How much VRAM does gpt-oss 20B need at Q4_K_M? OpenAI's first open-weights model

gpt-oss 20B at Q4_K_M with native 128K context needs about 19.4 GB of VRAM with all experts resident, dropping to roughly 9.3 GB with active-only weight loading. It's an MoE with 3.6B active parameters per token, 24 layers, an unusual hidden size of 2944, head_dim 64, and 128K native context. The 20B variant of OpenAI's first Apache 2.0 release is the smallest model in the family and is intentionally sized for laptops and consumer GPUs.

Total VRAM required
19.4 GB
gpt-oss 20B (MoE) at Q4_K_M
Weights
11.2 GB
20B params
KV cache
6.4 GB
128K tokens, FP16 KV

Calculator

Estimated VRAM required

19.4 GB

20B params at Q4_K_M, 131,072 token context, batch 1, inference.

Weights
11.2 GB
KV cache
6.4 GB
Overhead
1.8 GB

Estimate accuracy: Weights within ~2%. KV cache within ~5% for standard GQA models, ~10% for MLA (DeepSeek). Real VRAM may vary with framework (vLLM vs llama.cpp vs Transformers), Flash Attention, and driver overhead.

Hardware that fits

RTX 3090
Consumer
24 GB
81% used
RTX 5090
Consumer
32 GB
61% used
A100 40GB
Datacenter
40 GB
49% used
Apple M3 Max 64GB
Unified
48 GB
40% used

How this is calculated

11.2 GB of weights at Q4_K_M plus a 6.4 GB KV cache (at the full 128K context window) and ~1.8 GB overhead. Active-only loading shrinks weights to 3.6B * 0.56 = 2.0 GB while keeping the same KV cache, totaling ~9.3 GB - it runs on a 12 GB GPU or a unified memory device.

Verdict

gpt-oss 20B at Q4_K_M is the model to download if you've never run a local LLM before in 2026. Apache 2.0, runs on anything, decent reasoning for the size, and OpenAI lineage. Not as strong as Qwen3 30B-A3B at the same memory footprint, but the brand recognition matters and the licensing is the cleanest in the open-weights ecosystem.

Frequently asked questions

What does '3.6B active' actually mean for inference speed?
Per token, the model only computes through 3.6B parameters worth of expert weights even though all 20B must be reachable.
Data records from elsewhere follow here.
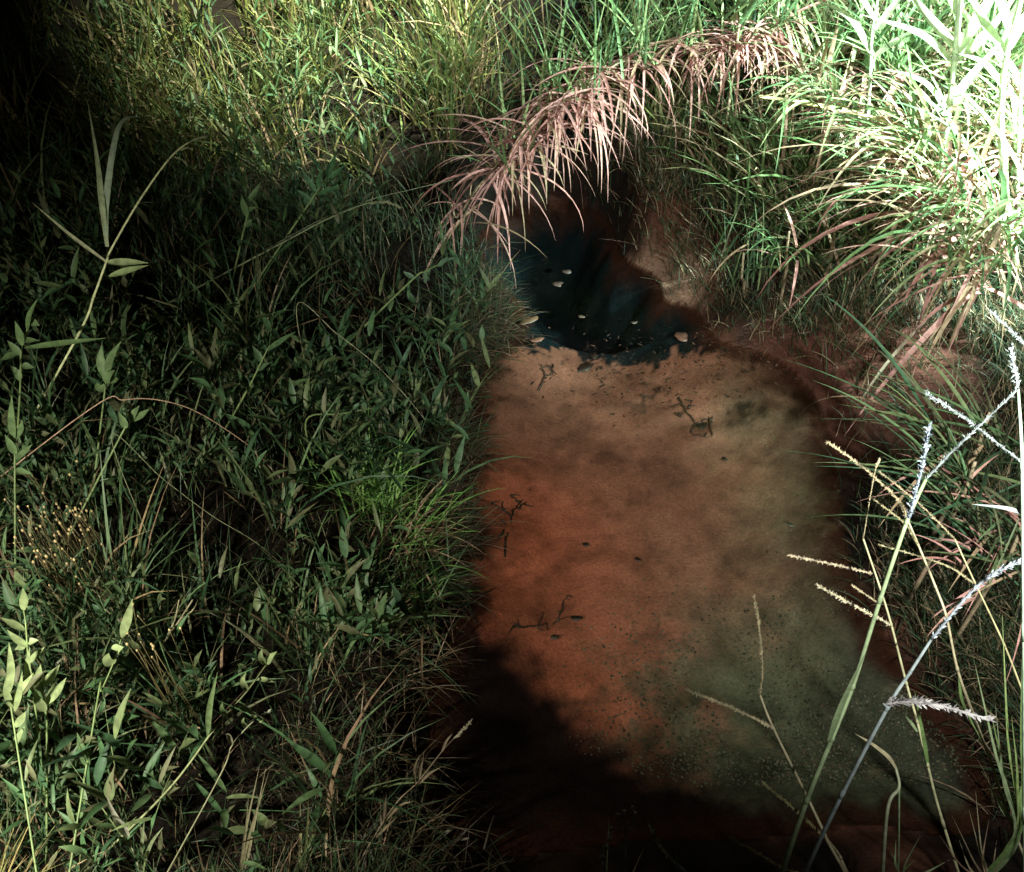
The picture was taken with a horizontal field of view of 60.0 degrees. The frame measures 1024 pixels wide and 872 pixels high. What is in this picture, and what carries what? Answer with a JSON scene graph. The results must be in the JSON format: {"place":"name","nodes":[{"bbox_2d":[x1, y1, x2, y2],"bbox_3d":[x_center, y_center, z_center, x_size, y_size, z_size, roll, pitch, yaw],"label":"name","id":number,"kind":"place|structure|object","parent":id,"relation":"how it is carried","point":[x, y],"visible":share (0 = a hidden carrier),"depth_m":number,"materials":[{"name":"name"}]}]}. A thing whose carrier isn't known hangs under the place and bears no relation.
{"place":"outdoors","nodes":[
{"label":"outdoors","id":0,"kind":"place"},
{"bbox_2d":[0,0,1023,871],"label":"ground","id":1,"kind":"structure","parent":0,"point":[858,848],"depth_m":2.81,"materials":[{"name":"brown soil"}]},
{"bbox_2d":[5,396,31,617],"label":"leafy shoot","id":2,"kind":"object","parent":1,"relation":"on","point":[14,433],"visible":0.93,"depth_m":2.08,"materials":[{"name":"green plant"}]},
{"bbox_2d":[3,644,37,871],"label":"leafy shoot","id":3,"kind":"object","parent":1,"relation":"on","point":[14,703],"visible":0.99,"depth_m":1.58,"materials":[{"name":"green plant"}]},
{"bbox_2d":[0,161,44,209],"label":"dry bush","id":4,"kind":"object","parent":1,"relation":"on","point":[4,203],"visible":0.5,"depth_m":3.42,"materials":[{"name":"plant"}]},
{"bbox_2d":[0,588,48,824],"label":"leafy shoot","id":5,"kind":"object","parent":1,"relation":"on","point":[20,641],"visible":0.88,"depth_m":1.64,"materials":[{"name":"green plant"}]},
{"bbox_2d":[0,802,67,871],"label":"grass tuft","id":6,"kind":"object","parent":1,"relation":"on","point":[3,857],"visible":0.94,"depth_m":1.57,"materials":[{"name":"plant"}]},
{"bbox_2d":[29,664,65,870],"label":"leafy shoot","id":7,"kind":"object","parent":1,"relation":"on","point":[40,684],"visible":0.98,"depth_m":1.65,"materials":[{"name":"green plant"}]},
{"bbox_2d":[1,299,104,505],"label":"leafy shoot","id":8,"kind":"object","parent":1,"relation":"on","point":[21,338],"visible":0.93,"depth_m":2.21,"materials":[{"name":"green plant"}]},
{"bbox_2d":[41,406,148,589],"bbox_3d":[-1.056,0.165,2.192,0.429,0.406,0.054,-32,51,-31],"label":"leafy shoot","id":9,"kind":"object","parent":1,"relation":"on","point":[134,416],"visible":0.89,"depth_m":2.17,"materials":[{"name":"green plant"}]},
{"bbox_2d":[68,599,132,871],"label":"leafy shoot","id":10,"kind":"object","parent":1,"relation":"on","point":[107,661],"visible":1,"depth_m":1.70,"materials":[{"name":"green plant"}]},
{"bbox_2d":[86,340,121,542],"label":"leafy shoot","id":11,"kind":"object","parent":1,"relation":"on","point":[104,366],"visible":0.91,"depth_m":2.25,"materials":[{"name":"green plant"}]},
{"bbox_2d":[4,459,220,754],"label":"yellow flowers","id":12,"kind":"object","parent":1,"relation":"on","point":[84,559],"visible":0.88,"depth_m":2.03,"materials":[{"name":"yellow plant"}]},
{"bbox_2d":[21,101,207,436],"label":"seed grass","id":13,"kind":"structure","parent":1,"relation":"on","point":[104,197],"depth_m":2.18,"materials":[{"name":"green plant"}]},
{"bbox_2d":[0,507,266,871],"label":"undergrowth","id":14,"kind":"object","parent":1,"relation":"on","point":[70,818],"visible":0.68,"depth_m":1.77,"materials":[{"name":"green plant"}]},
{"bbox_2d":[106,796,161,871],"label":"shoot","id":15,"kind":"object","parent":1,"relation":"on","point":[118,821],"visible":0.87,"depth_m":1.63,"materials":[{"name":"green plant"}]},
{"bbox_2d":[0,396,283,483],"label":"slender grass","id":16,"kind":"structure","parent":1,"relation":"on","point":[278,476],"depth_m":2.15,"materials":[{"name":"plant"}]},
{"bbox_2d":[88,599,197,712],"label":"slender grass","id":17,"kind":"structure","parent":1,"relation":"on","point":[157,650],"depth_m":1.97,"materials":[{"name":"green plant"}]},
{"bbox_2d":[84,649,275,871],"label":"leafy sprig","id":18,"kind":"object","parent":1,"relation":"on","point":[243,683],"visible":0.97,"depth_m":1.66,"materials":[{"name":"green plant"}]},
{"bbox_2d":[0,541,403,871],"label":"grass","id":19,"kind":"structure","parent":1,"relation":"on","point":[38,844],"depth_m":1.77,"materials":[{"name":"green plant"}]},
{"bbox_2d":[111,433,296,577],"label":"slender grass","id":20,"kind":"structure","parent":1,"relation":"on","point":[172,486],"depth_m":2.12,"materials":[{"name":"green plant"}]},
{"bbox_2d":[167,709,270,871],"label":"leafy sprig","id":21,"kind":"object","parent":1,"relation":"on","point":[229,736],"visible":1,"depth_m":1.59,"materials":[{"name":"green plant"}]},
{"bbox_2d":[221,169,260,322],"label":"leafy shoot","id":22,"kind":"object","parent":1,"relation":"on","point":[244,204],"visible":0.92,"depth_m":3.06,"materials":[{"name":"green plant"}]},
{"bbox_2d":[209,332,294,454],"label":"leafy shoot","id":23,"kind":"object","parent":1,"relation":"on","point":[244,379],"visible":0.92,"depth_m":2.48,"materials":[{"name":"green plant"}]},
{"bbox_2d":[239,765,268,871],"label":"grass tuft","id":24,"kind":"object","parent":1,"relation":"on","point":[246,849],"visible":0.93,"depth_m":1.65,"materials":[{"name":"green plant"}]},
{"bbox_2d":[0,39,521,843],"bbox_3d":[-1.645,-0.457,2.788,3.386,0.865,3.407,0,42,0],"label":"undergrowth","id":25,"kind":"object","parent":1,"relation":"on","point":[382,611],"visible":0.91,"depth_m":2.59,"materials":[{"name":"green plant"}]},
{"bbox_2d":[0,191,523,871],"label":"growth","id":26,"kind":"object","parent":1,"relation":"on","point":[342,819],"visible":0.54,"depth_m":2.01,"materials":[{"name":"green plant"}]},
{"bbox_2d":[0,81,528,871],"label":"wide grass","id":27,"kind":"structure","parent":1,"relation":"on","point":[140,579],"depth_m":2.16,"materials":[{"name":"green plant"}]},
{"bbox_2d":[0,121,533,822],"bbox_3d":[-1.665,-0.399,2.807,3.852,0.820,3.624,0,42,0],"label":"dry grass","id":28,"kind":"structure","parent":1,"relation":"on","point":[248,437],"depth_m":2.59,"materials":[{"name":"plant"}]},
{"bbox_2d":[163,200,401,305],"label":"slender grass","id":29,"kind":"structure","parent":1,"relation":"on","point":[286,240],"depth_m":3.09,"materials":[{"name":"green plant"}]},
{"bbox_2d":[0,0,576,357],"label":"hollow grass","id":30,"kind":"structure","parent":1,"relation":"on","point":[73,177],"depth_m":3.44,"materials":[{"name":"green plant"}]},
{"bbox_2d":[242,154,343,302],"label":"leafy shoot","id":31,"kind":"object","parent":1,"relation":"on","point":[328,174],"visible":0.95,"depth_m":3.21,"materials":[{"name":"green plant"}]},
{"bbox_2d":[297,795,330,869],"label":"grass tuft","id":32,"kind":"object","parent":1,"relation":"on","point":[300,843],"visible":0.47,"depth_m":1.82,"materials":[{"name":"green plant"}]},
{"bbox_2d":[227,180,450,270],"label":"slender grass","id":33,"kind":"structure","parent":1,"relation":"on","point":[332,214],"depth_m":3.21,"materials":[{"name":"green plant"}]},
{"bbox_2d":[305,395,396,462],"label":"leafy shoot","id":34,"kind":"object","parent":1,"relation":"on","point":[355,407],"visible":0.76,"depth_m":2.62,"materials":[{"name":"green plant"}]},
{"bbox_2d":[0,132,710,871],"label":"grass carpet","id":35,"kind":"object","parent":1,"relation":"on","point":[184,568],"depth_m":2.21,"materials":[{"name":"green plant"}]},
{"bbox_2d":[296,302,424,418],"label":"slender grass","id":36,"kind":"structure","parent":1,"relation":"on","point":[345,340],"depth_m":2.63,"materials":[{"name":"green plant"}]},
{"bbox_2d":[288,257,455,401],"bbox_3d":[-0.470,-0.367,2.917,0.679,0.308,0.049,-27,49,-27],"label":"leafy shoot","id":37,"kind":"object","parent":1,"relation":"on","point":[426,275],"visible":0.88,"depth_m":2.92,"materials":[{"name":"green plant"}]},
{"bbox_2d":[297,408,463,556],"bbox_3d":[-0.370,0.113,2.466,0.468,0.285,0.487,-34,52,-32],"label":"grass clump","id":38,"kind":"object","parent":1,"relation":"on","point":[362,499],"visible":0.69,"depth_m":2.48,"materials":[{"name":"green plant"}]},
{"bbox_2d":[337,509,482,682],"bbox_3d":[-0.300,0.426,2.325,0.464,0.326,0.492,0,42,0],"label":"grass clump","id":39,"kind":"object","parent":1,"relation":"on","point":[423,593],"visible":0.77,"depth_m":2.32,"materials":[{"name":"green plant"}]},
{"bbox_2d":[356,718,472,871],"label":"seed grass","id":40,"kind":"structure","parent":1,"relation":"on","point":[387,817],"depth_m":1.75,"materials":[{"name":"beige plant"}]},
{"bbox_2d":[282,227,552,871],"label":"shore grass","id":41,"kind":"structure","parent":1,"relation":"on","point":[429,486],"depth_m":2.59,"materials":[{"name":"green plant"}]},
{"bbox_2d":[336,470,501,600],"bbox_3d":[-0.244,0.263,2.397,0.473,0.217,0.485,0,42,0],"label":"grass clump","id":42,"kind":"object","parent":1,"relation":"on","point":[411,527],"visible":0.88,"depth_m":2.43,"materials":[{"name":"green plant"}]},
{"bbox_2d":[420,174,540,282],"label":"reed","id":43,"kind":"object","parent":1,"relation":"on","point":[461,220],"visible":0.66,"depth_m":3.52,"materials":[{"name":"plant"}]},
{"bbox_2d":[390,61,585,266],"bbox_3d":[-0.078,-1.116,3.479,0.675,0.787,0.787,-24,47,-24],"label":"reed","id":44,"kind":"object","parent":1,"relation":"on","point":[497,157],"visible":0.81,"depth_m":3.46,"materials":[{"name":"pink plant"}]},
{"bbox_2d":[483,816,508,871],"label":"slender grass","id":45,"kind":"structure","parent":1,"relation":"on","point":[487,838],"depth_m":1.54,"materials":[{"name":"green plant"}]},
{"bbox_2d":[359,164,673,684],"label":"shore roots","id":46,"kind":"object","parent":1,"relation":"on","point":[462,458],"visible":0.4,"depth_m":2.67,"materials":[{"name":"plant"}]},
{"bbox_2d":[418,3,625,226],"bbox_3d":[0.056,-1.200,3.395,0.870,0.810,0.692,0,42,0],"label":"reed","id":47,"kind":"object","parent":1,"relation":"on","point":[512,155],"visible":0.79,"depth_m":3.42,"materials":[{"name":"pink plant"}]},
{"bbox_2d":[470,0,649,185],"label":"reed","id":48,"kind":"object","parent":1,"relation":"on","point":[559,110],"visible":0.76,"depth_m":3.42,"materials":[{"name":"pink plant"}]},
{"bbox_2d":[505,0,682,188],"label":"reed","id":49,"kind":"object","parent":1,"relation":"on","point":[577,92],"visible":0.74,"depth_m":3.44,"materials":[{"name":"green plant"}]},
{"bbox_2d":[599,827,612,871],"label":"dried flower","id":50,"kind":"object","parent":1,"relation":"on","point":[602,858],"visible":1,"depth_m":1.43,"materials":[{"name":"brown plant"}]},
{"bbox_2d":[502,0,722,162],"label":"reed","id":51,"kind":"object","parent":1,"relation":"on","point":[610,59],"visible":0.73,"depth_m":3.47,"materials":[{"name":"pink plant"}]},
{"bbox_2d":[648,822,686,871],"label":"grass stalk","id":52,"kind":"object","parent":1,"relation":"on","point":[681,868],"depth_m":1.39,"materials":[{"name":"green plant"}]},
{"bbox_2d":[575,0,760,135],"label":"reed","id":53,"kind":"object","parent":1,"relation":"on","point":[640,39],"visible":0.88,"depth_m":3.49,"materials":[{"name":"green plant"}]},
{"bbox_2d":[418,194,996,855],"bbox_3d":[0.446,0.045,3.230,1.368,0.470,3.060,0,42,0],"label":"stream bed","id":54,"kind":"object","parent":1,"relation":"in","point":[664,494],"visible":0.9,"depth_m":2.60,"materials":[{"name":"brown soil"}]},
{"bbox_2d":[455,586,496,622],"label":"sunken twig","id":55,"kind":"object","parent":54,"relation":"on","point":[473,617],"visible":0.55,"depth_m":2.49,"materials":[{"name":"brown wood"}]},
{"bbox_2d":[490,488,534,556],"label":"sunken twig","id":56,"kind":"object","parent":54,"relation":"on","point":[511,516],"visible":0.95,"depth_m":2.81,"materials":[{"name":"brown wood"}]},
{"bbox_2d":[507,595,572,634],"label":"sunken twig","id":57,"kind":"object","parent":54,"relation":"on","point":[515,625],"visible":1,"depth_m":2.54,"materials":[{"name":"brown wood"}]},
{"bbox_2d":[537,364,555,390],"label":"sunken twig","id":58,"kind":"object","parent":54,"relation":"on","point":[543,378],"visible":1,"depth_m":3.36,"materials":[{"name":"wood"}]},
{"bbox_2d":[577,362,593,372],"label":"sunken leaf","id":59,"kind":"object","parent":54,"relation":"on","point":[584,366],"visible":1,"depth_m":3.46,"materials":[{"name":"brown plant"}]},
{"bbox_2d":[456,314,858,715],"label":"leaf litter","id":60,"kind":"object","parent":54,"relation":"on","point":[669,387],"visible":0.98,"depth_m":3.33,"materials":[{"name":"brown plant"}]},
{"bbox_2d":[668,397,713,437],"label":"sunken twig","id":61,"kind":"object","parent":54,"relation":"on","point":[691,417],"visible":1,"depth_m":3.25,"materials":[{"name":"brown wood"}]},
{"bbox_2d":[626,0,830,139],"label":"reed","id":62,"kind":"object","parent":1,"relation":"on","point":[694,41],"visible":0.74,"depth_m":3.52,"materials":[{"name":"green plant"}]},
{"bbox_2d":[707,0,766,153],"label":"broad reed","id":63,"kind":"object","parent":1,"relation":"on","point":[743,9],"visible":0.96,"depth_m":3.38,"materials":[{"name":"green plant"}]},
{"bbox_2d":[641,0,863,125],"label":"reed","id":64,"kind":"object","parent":1,"relation":"on","point":[755,49],"visible":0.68,"depth_m":3.48,"materials":[{"name":"pink plant"}]},
{"bbox_2d":[702,188,802,294],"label":"arching grass","id":65,"kind":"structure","parent":1,"relation":"on","point":[749,264],"depth_m":3.24,"materials":[{"name":"green plant"}]},
{"bbox_2d":[693,0,826,107],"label":"reed","id":66,"kind":"object","parent":1,"relation":"on","point":[781,9],"visible":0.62,"depth_m":3.51,"materials":[{"name":"green plant"}]},
{"bbox_2d":[728,835,796,871],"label":"grass stalk","id":67,"kind":"object","parent":1,"relation":"on","point":[751,849],"depth_m":1.43,"materials":[{"name":"green plant"}]},
{"bbox_2d":[685,595,847,871],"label":"grass stalk","id":68,"kind":"object","parent":1,"relation":"on","point":[838,860],"depth_m":1.41,"materials":[{"name":"green plant"}]},
{"bbox_2d":[545,0,1023,849],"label":"bank grass","id":69,"kind":"structure","parent":1,"relation":"on","point":[979,646],"depth_m":2.77,"materials":[{"name":"green plant"}]},
{"bbox_2d":[708,201,860,308],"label":"arching grass","id":70,"kind":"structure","parent":1,"relation":"on","point":[776,256],"depth_m":3.12,"materials":[{"name":"green plant"}]},
{"bbox_2d":[762,781,847,870],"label":"grass stalk","id":71,"kind":"object","parent":1,"relation":"on","point":[805,819],"depth_m":1.42,"materials":[{"name":"green plant"}]},
{"bbox_2d":[725,0,920,140],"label":"arching grass","id":72,"kind":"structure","parent":1,"relation":"on","point":[824,57],"depth_m":3.49,"materials":[{"name":"green plant"}]},
{"bbox_2d":[750,74,930,186],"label":"arching grass","id":73,"kind":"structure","parent":1,"relation":"on","point":[825,102],"depth_m":2.97,"materials":[{"name":"green plant"}]},
{"bbox_2d":[760,95,939,149],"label":"fallen reed","id":74,"kind":"object","parent":1,"relation":"on","point":[831,107],"visible":0.46,"depth_m":3.10,"materials":[{"name":"beige plant"}]},
{"bbox_2d":[701,0,1023,285],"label":"arching grass","id":75,"kind":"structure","parent":1,"relation":"on","point":[920,119],"depth_m":2.97,"materials":[{"name":"green plant"}]},
{"bbox_2d":[817,0,911,170],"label":"cane","id":76,"kind":"object","parent":1,"relation":"on","point":[886,15],"visible":0.73,"depth_m":3.18,"materials":[{"name":"green plant"}]},
{"bbox_2d":[786,458,959,871],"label":"grass stalk","id":77,"kind":"object","parent":1,"relation":"on","point":[920,730],"depth_m":1.38,"materials":[{"name":"green plant"}]},
{"bbox_2d":[856,734,900,871],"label":"bent leaf","id":78,"kind":"object","parent":1,"relation":"on","point":[892,795],"visible":0.99,"depth_m":1.42,"materials":[{"name":"green plant"}]},
{"bbox_2d":[785,0,996,188],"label":"arching grass","id":79,"kind":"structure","parent":1,"relation":"on","point":[887,56],"depth_m":3.37,"materials":[{"name":"green plant"}]},
{"bbox_2d":[860,323,923,400],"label":"fallen reed","id":80,"kind":"object","parent":1,"relation":"on","point":[899,348],"visible":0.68,"depth_m":2.95,"materials":[{"name":"plant"}]},
{"bbox_2d":[779,389,1019,871],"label":"grass stalk","id":81,"kind":"object","parent":1,"relation":"on","point":[844,702],"depth_m":1.24,"materials":[{"name":"green plant"}]},
{"bbox_2d":[790,371,1020,600],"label":"arching grass","id":82,"kind":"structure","parent":1,"relation":"on","point":[968,480],"depth_m":1.97,"materials":[{"name":"green plant"}]},
{"bbox_2d":[788,292,1023,547],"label":"arching grass","id":83,"kind":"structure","parent":1,"relation":"on","point":[978,447],"depth_m":2.08,"materials":[{"name":"green plant"}]},
{"bbox_2d":[802,558,1020,871],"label":"grass stalk","id":84,"kind":"object","parent":1,"relation":"on","point":[917,701],"depth_m":1.24,"materials":[{"name":"white plant"}]},
{"bbox_2d":[891,835,946,871],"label":"grass tuft","id":85,"kind":"object","parent":1,"relation":"on","point":[896,865],"visible":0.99,"depth_m":1.57,"materials":[{"name":"green plant"}]},
{"bbox_2d":[825,440,1022,855],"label":"grass stalk","id":86,"kind":"object","parent":1,"relation":"on","point":[959,678],"depth_m":1.42,"materials":[{"name":"green plant"}]},
{"bbox_2d":[861,0,1013,274],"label":"cane","id":87,"kind":"object","parent":1,"relation":"on","point":[964,44],"visible":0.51,"depth_m":2.81,"materials":[{"name":"green plant"}]},
{"bbox_2d":[878,471,1020,688],"bbox_3d":[0.874,0.527,1.494,0.148,0.879,0.749,-32,51,-31],"label":"grass stalk","id":88,"kind":"object","parent":1,"relation":"on","point":[958,572],"depth_m":1.49,"materials":[{"name":"plant"}]},
{"bbox_2d":[879,462,1020,680],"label":"arching grass","id":89,"kind":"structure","parent":1,"relation":"on","point":[996,562],"depth_m":1.93,"materials":[{"name":"green plant"}]},
{"bbox_2d":[900,0,1023,133],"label":"arching grass","id":90,"kind":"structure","parent":1,"relation":"on","point":[982,51],"depth_m":3.17,"materials":[{"name":"green plant"}]},
{"bbox_2d":[940,799,1007,871],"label":"grass tuft","id":91,"kind":"object","parent":1,"relation":"on","point":[983,863],"visible":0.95,"depth_m":1.58,"materials":[{"name":"green plant"}]},
{"bbox_2d":[961,0,1023,277],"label":"cane","id":92,"kind":"object","parent":1,"relation":"on","point":[1014,29],"visible":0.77,"depth_m":2.71,"materials":[{"name":"green plant"}]},
{"bbox_2d":[973,617,1022,871],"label":"grass tuft","id":93,"kind":"object","parent":1,"relation":"on","point":[1014,841],"visible":0.87,"depth_m":1.49,"materials":[{"name":"green plant"}]},
{"bbox_2d":[973,342,1023,871],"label":"grass stalk","id":94,"kind":"object","parent":1,"relation":"on","point":[1017,380],"depth_m":1.06,"materials":[{"name":"grey plant"}]},
{"bbox_2d":[987,49,1023,242],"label":"cane","id":95,"kind":"object","parent":1,"relation":"on","point":[1015,72],"visible":0.75,"depth_m":2.94,"materials":[{"name":"green plant"}]},
{"bbox_2d":[988,309,1023,343],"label":"grass stalk","id":96,"kind":"object","parent":1,"relation":"on","point":[1007,327],"depth_m":0.94,"materials":[{"name":"white plant"}]},
{"bbox_2d":[0,0,1023,199],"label":"grass","id":97,"kind":"structure","parent":0,"point":[140,89],"depth_m":3.98,"materials":[{"name":"green plant"}]},
{"bbox_2d":[563,577,969,786],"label":"gravel","id":98,"kind":"structure","parent":0,"point":[803,737],"depth_m":2.29,"materials":[{"name":"gravel"}]},
{"bbox_2d":[579,0,1023,300],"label":"tall grass","id":99,"kind":"structure","parent":0,"point":[744,145],"depth_m":3.42,"materials":[{"name":"green plant"}]},
{"bbox_2d":[726,60,935,173],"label":"arching grass","id":100,"kind":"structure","parent":0,"point":[842,103],"depth_m":3.31,"materials":[{"name":"green plant"}]},
{"bbox_2d":[707,17,1023,367],"bbox_3d":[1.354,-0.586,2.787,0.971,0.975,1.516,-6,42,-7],"label":"arching grass","id":101,"kind":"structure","parent":0,"point":[1004,213],"depth_m":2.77,"materials":[{"name":"green plant"}]},
{"bbox_2d":[774,166,1023,435],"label":"arching grass","id":102,"kind":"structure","parent":0,"point":[968,293],"depth_m":2.64,"materials":[{"name":"green plant"}]},
{"bbox_2d":[906,43,1023,260],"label":"arching grass","id":103,"kind":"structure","parent":0,"point":[1012,144],"depth_m":3.09,"materials":[{"name":"green plant"}]},
{"label":"water","id":104,"kind":"structure","parent":0,"visible":0},
{"bbox_2d":[519,316,537,324],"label":"fallen leaf","id":105,"kind":"object","parent":104,"relation":"on","point":[532,318],"visible":0.87,"depth_m":3.49,"materials":[{"name":"beige plant"}]},
{"bbox_2d":[674,332,687,341],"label":"fallen leaf","id":106,"kind":"object","parent":104,"relation":"on","point":[680,336],"visible":1,"depth_m":3.41,"materials":[{"name":"beige plant"}]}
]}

With active-only loading and CPU offload the cold experts add a per-token PCIe round-trip - typical numbers are 15-30 tokens/sec on consumer hardware vs 60+ all-resident.
Should I pick gpt-oss 20B or Qwen3 30B-A3B?
Qwen3 30B-A3B is generally stronger at the same active footprint (3B active vs 3.6B). gpt-oss has cleaner licensing and OpenAI lineage. Both fit on the same hardware - try whichever fits your stack first.